Data integrity is a very important factor, not just for computer systems. A system which is used to control the processes of a big company (typically an ERP system) should handle it's data integrity with a lot of love and devotion. Imagine a system which performs it's task very well, but every now and then a small hitch presents itself. It should automatically make you wonder how many actual hitches took place. The fact that you noticed this one, does not imply it was the only one around. With a good data integrity it should be quite easy to pin-point what happened, and how many of the same hitches are around. Without data integrity - there's no telling what your ever-so-important system will do next.
It's quite easy to think lightly on data integrity issues - why worry about the small scale solutions in full detail. The system should look after itself ? The whole concept behind trying to achieve total data-integrity is quite simple: damage your system integrity just a little, and the actual errors will go unnoticed and will be very hard to trace. Damage it a bit more and the system becomes unreliable.

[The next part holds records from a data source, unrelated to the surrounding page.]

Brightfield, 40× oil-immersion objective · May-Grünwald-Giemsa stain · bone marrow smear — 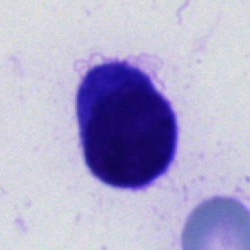
Specimen: bone marrow aspirate smear.
Classification: cell of indeterminate lineage.
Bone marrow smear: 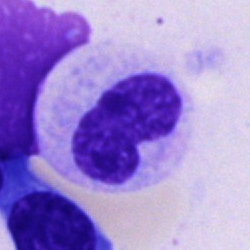

The cell type is metamyelocyte.
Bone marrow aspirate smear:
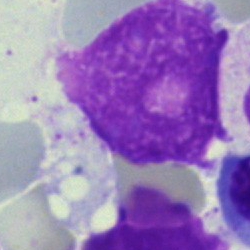 Specimen: bone marrow aspirate smear.
Classification: artifact.
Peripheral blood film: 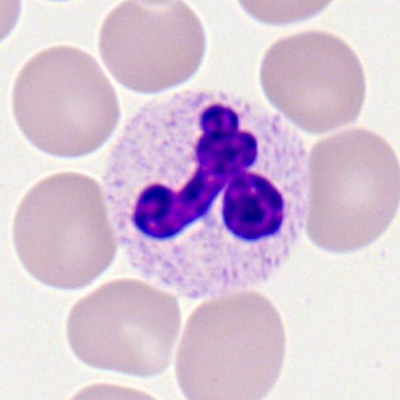 The cell shown is a polymorphonuclear neutrophil.
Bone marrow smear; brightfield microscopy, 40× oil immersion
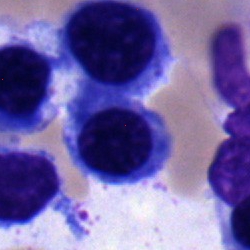

Q: Which cell type is shown here?
A: This is a nucleated red cell.

There could be ways to calculate the risk of integrity losses. So what if a given table update fails every 150th time ? There's no way however to make sure this "calculated risk" remains calculated. In SAP terms - it's much easier to achieve data integrity then calculating the risk of integrity losses. SAP and it's development toolset are designed to achieve this. And even when the toolsets are used, all updates are locked and there's no back doors (work-around) for an update - there's still human error that will lead to data integrity issues. Just make sure there is no "data integrity by design".